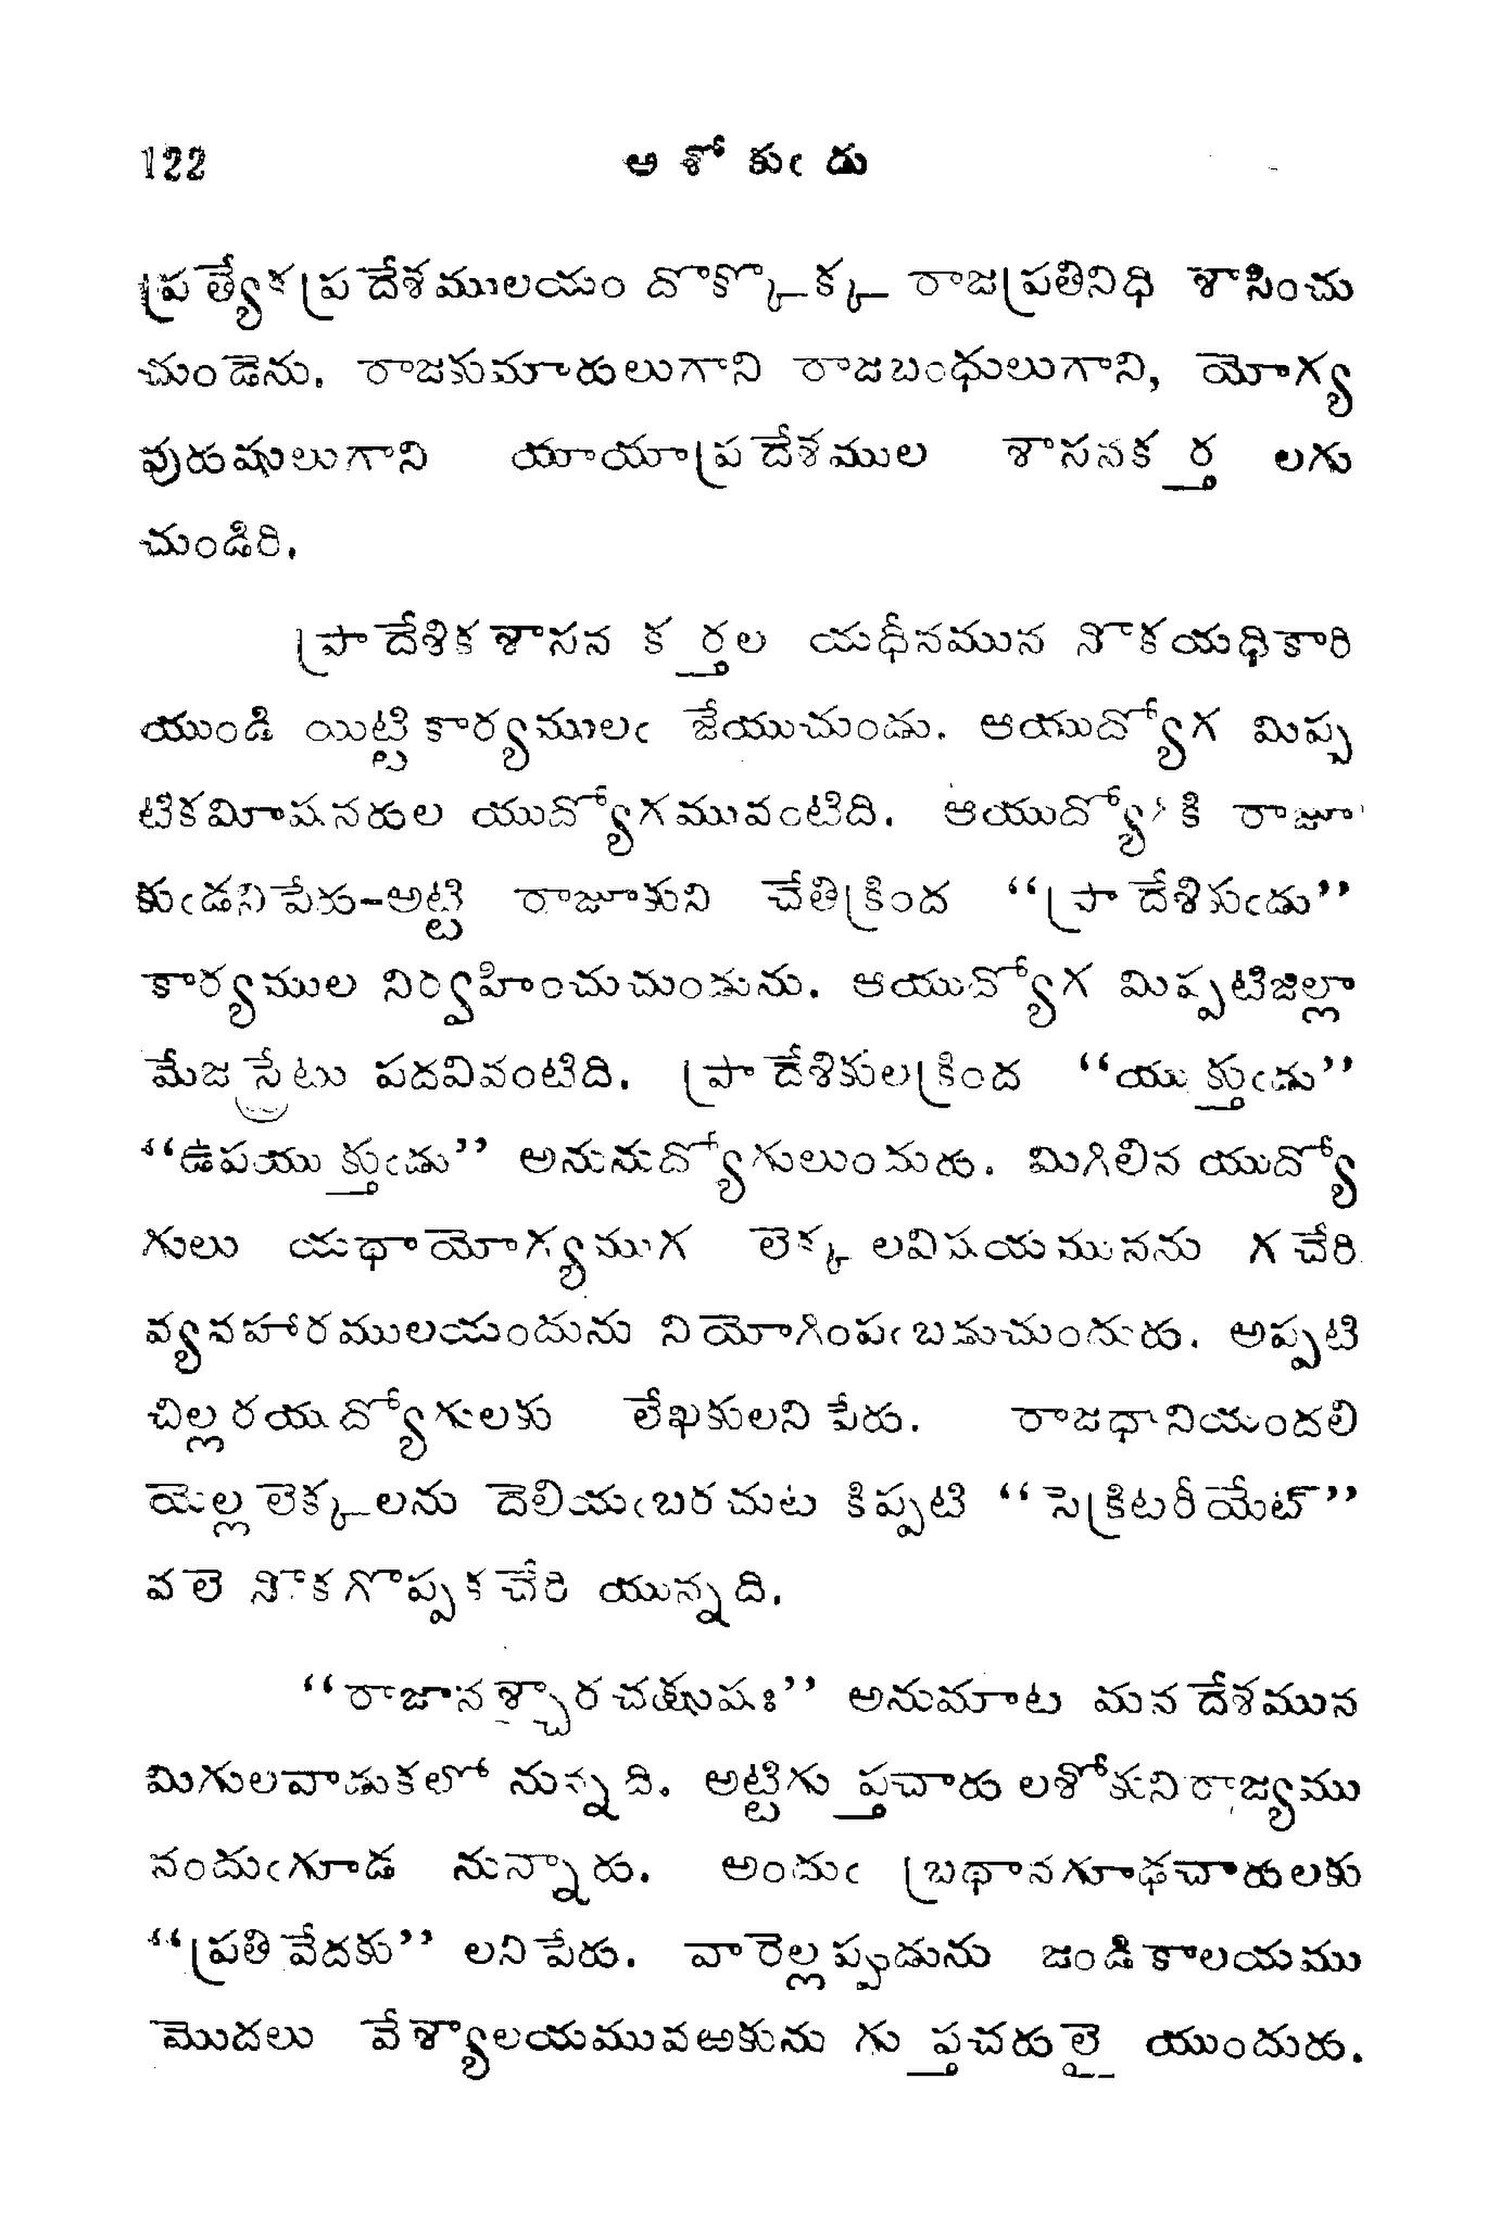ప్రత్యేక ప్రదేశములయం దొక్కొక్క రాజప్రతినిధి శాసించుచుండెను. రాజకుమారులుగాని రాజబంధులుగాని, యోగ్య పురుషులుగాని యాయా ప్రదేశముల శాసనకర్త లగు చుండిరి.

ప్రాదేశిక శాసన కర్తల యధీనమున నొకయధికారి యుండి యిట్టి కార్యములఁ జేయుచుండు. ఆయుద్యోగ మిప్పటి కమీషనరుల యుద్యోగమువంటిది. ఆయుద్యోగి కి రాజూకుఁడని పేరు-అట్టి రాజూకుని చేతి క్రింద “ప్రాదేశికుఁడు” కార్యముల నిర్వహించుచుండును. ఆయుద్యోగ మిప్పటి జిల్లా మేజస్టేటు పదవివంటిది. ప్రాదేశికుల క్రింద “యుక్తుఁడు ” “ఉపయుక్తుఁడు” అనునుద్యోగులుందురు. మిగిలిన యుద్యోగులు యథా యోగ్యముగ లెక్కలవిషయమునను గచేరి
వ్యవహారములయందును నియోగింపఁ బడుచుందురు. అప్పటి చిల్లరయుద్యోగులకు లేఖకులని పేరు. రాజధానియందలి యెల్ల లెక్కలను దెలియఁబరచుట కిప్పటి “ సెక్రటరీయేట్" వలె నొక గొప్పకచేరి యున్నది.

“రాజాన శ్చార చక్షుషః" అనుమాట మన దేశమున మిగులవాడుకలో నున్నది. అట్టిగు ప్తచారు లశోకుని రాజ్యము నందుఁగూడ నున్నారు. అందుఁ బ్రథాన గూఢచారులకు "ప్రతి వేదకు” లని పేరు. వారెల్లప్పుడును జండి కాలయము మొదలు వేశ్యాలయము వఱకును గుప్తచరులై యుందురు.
--
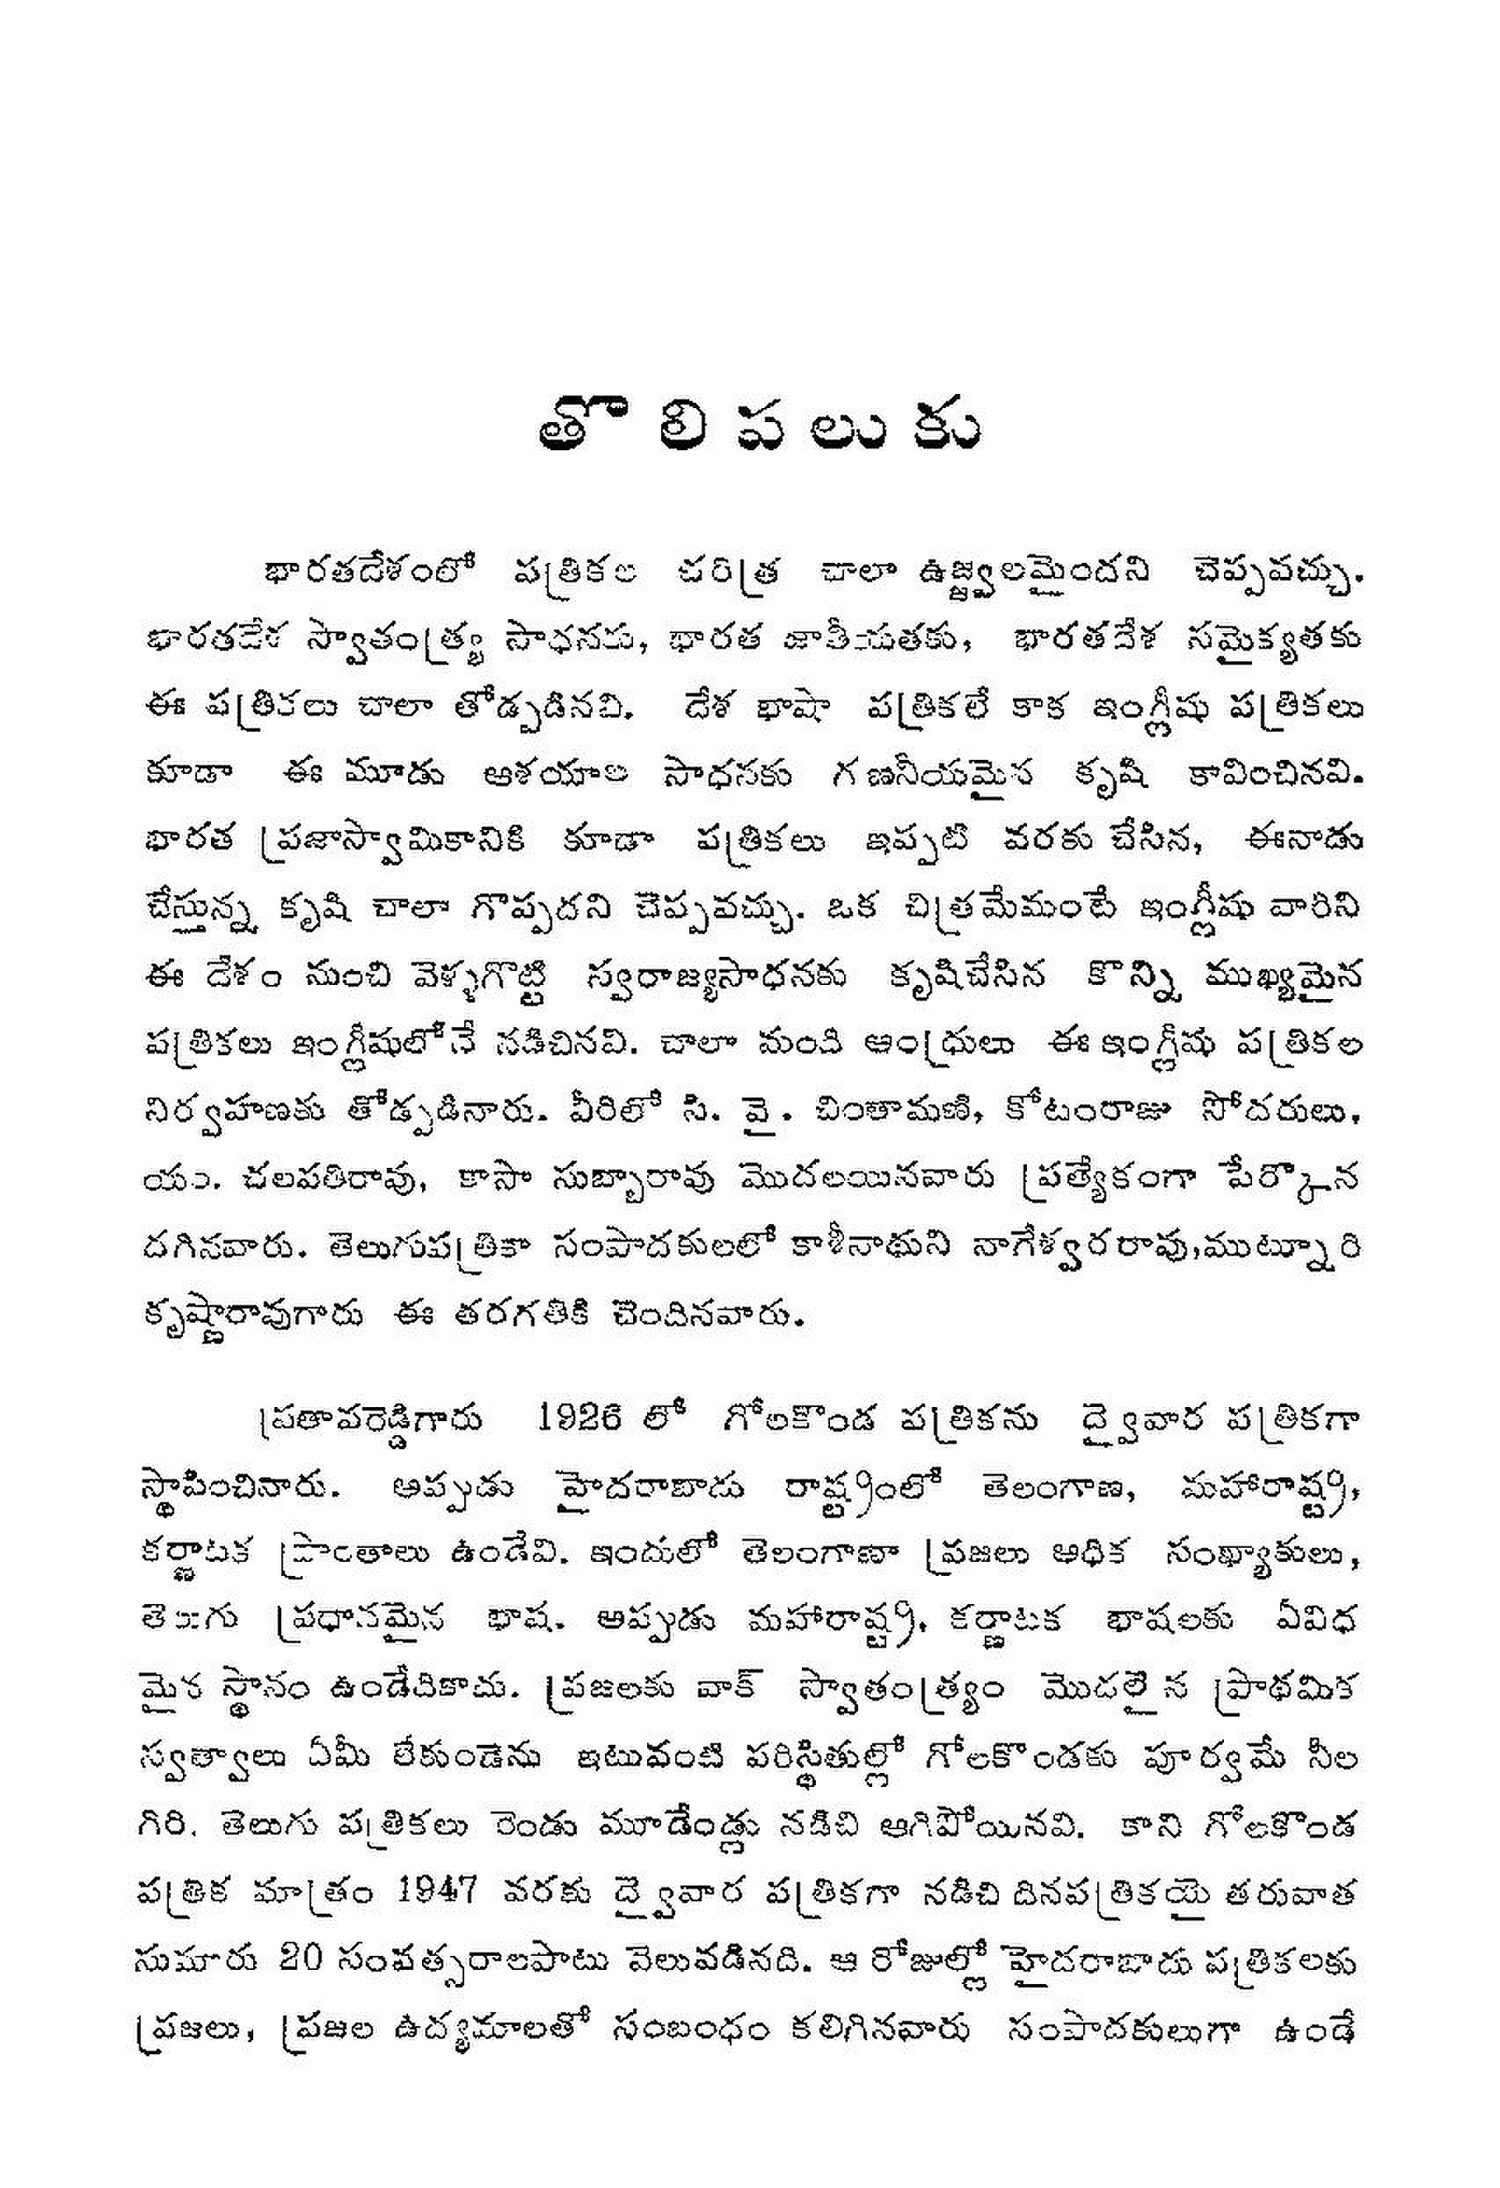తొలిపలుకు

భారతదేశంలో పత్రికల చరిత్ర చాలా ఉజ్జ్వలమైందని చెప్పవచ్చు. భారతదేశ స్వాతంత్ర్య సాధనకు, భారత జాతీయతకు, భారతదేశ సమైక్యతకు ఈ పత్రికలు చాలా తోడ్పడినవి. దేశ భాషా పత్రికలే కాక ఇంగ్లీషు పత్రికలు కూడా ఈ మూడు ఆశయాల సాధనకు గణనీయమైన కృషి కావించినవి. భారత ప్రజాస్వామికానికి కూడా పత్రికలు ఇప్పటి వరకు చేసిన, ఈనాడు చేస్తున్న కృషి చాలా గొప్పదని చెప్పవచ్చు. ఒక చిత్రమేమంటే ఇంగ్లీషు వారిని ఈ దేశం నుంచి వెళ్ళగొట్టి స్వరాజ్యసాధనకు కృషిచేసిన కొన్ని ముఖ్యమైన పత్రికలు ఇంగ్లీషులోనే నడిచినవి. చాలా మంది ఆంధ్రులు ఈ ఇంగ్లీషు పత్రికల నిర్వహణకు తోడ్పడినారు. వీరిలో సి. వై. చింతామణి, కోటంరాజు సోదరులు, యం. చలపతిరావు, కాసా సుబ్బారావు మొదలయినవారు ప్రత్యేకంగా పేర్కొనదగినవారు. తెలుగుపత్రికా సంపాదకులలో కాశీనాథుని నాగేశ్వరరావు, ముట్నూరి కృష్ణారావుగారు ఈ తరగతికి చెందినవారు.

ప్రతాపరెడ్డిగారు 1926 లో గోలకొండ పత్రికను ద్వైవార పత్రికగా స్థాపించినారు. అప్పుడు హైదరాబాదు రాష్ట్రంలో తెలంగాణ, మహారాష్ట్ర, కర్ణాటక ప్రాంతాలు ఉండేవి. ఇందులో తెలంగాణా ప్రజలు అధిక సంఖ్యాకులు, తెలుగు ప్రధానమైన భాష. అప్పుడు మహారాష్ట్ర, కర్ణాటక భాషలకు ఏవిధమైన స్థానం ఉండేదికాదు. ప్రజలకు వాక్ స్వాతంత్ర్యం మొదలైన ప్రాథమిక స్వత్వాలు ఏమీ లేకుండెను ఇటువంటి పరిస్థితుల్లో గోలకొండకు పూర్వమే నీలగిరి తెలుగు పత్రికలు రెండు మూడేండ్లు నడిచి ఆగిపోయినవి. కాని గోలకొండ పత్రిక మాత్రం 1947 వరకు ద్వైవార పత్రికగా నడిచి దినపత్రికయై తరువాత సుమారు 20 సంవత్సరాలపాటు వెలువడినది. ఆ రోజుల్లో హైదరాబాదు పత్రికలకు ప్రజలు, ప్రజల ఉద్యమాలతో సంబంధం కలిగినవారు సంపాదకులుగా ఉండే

Work task: Skipping every picture, transcribe exactly the lines above from the one containing "ప్రత్యేక ప్రదేశములయం దొక్కొక్క" through the one containing "వఱకును గుప్తచరులై యుందురు.", both included.

Answer to this problem:
ప్రత్యేక ప్రదేశములయం దొక్కొక్క రాజప్రతినిధి శాసించుచుండెను. రాజకుమారులుగాని రాజబంధులుగాని, యోగ్య పురుషులుగాని యాయా ప్రదేశముల శాసనకర్త లగు చుండిరి.

ప్రాదేశిక శాసన కర్తల యధీనమున నొకయధికారి యుండి యిట్టి కార్యములఁ జేయుచుండు. ఆయుద్యోగ మిప్పటి కమీషనరుల యుద్యోగమువంటిది. ఆయుద్యోగి కి రాజూకుఁడని పేరు-అట్టి రాజూకుని చేతి క్రింద “ప్రాదేశికుఁడు” కార్యముల నిర్వహించుచుండును. ఆయుద్యోగ మిప్పటి జిల్లా మేజస్టేటు పదవివంటిది. ప్రాదేశికుల క్రింద “యుక్తుఁడు ” “ఉపయుక్తుఁడు” అనునుద్యోగులుందురు. మిగిలిన యుద్యోగులు యథా యోగ్యముగ లెక్కలవిషయమునను గచేరి
వ్యవహారములయందును నియోగింపఁ బడుచుందురు. అప్పటి చిల్లరయుద్యోగులకు లేఖకులని పేరు. రాజధానియందలి యెల్ల లెక్కలను దెలియఁబరచుట కిప్పటి “ సెక్రటరీయేట్" వలె నొక గొప్పకచేరి యున్నది.

“రాజాన శ్చార చక్షుషః" అనుమాట మన దేశమున మిగులవాడుకలో నున్నది. అట్టిగు ప్తచారు లశోకుని రాజ్యము నందుఁగూడ నున్నారు. అందుఁ బ్రథాన గూఢచారులకు "ప్రతి వేదకు” లని పేరు. వారెల్లప్పుడును జండి కాలయము మొదలు వేశ్యాలయము వఱకును గుప్తచరులై యుందురు.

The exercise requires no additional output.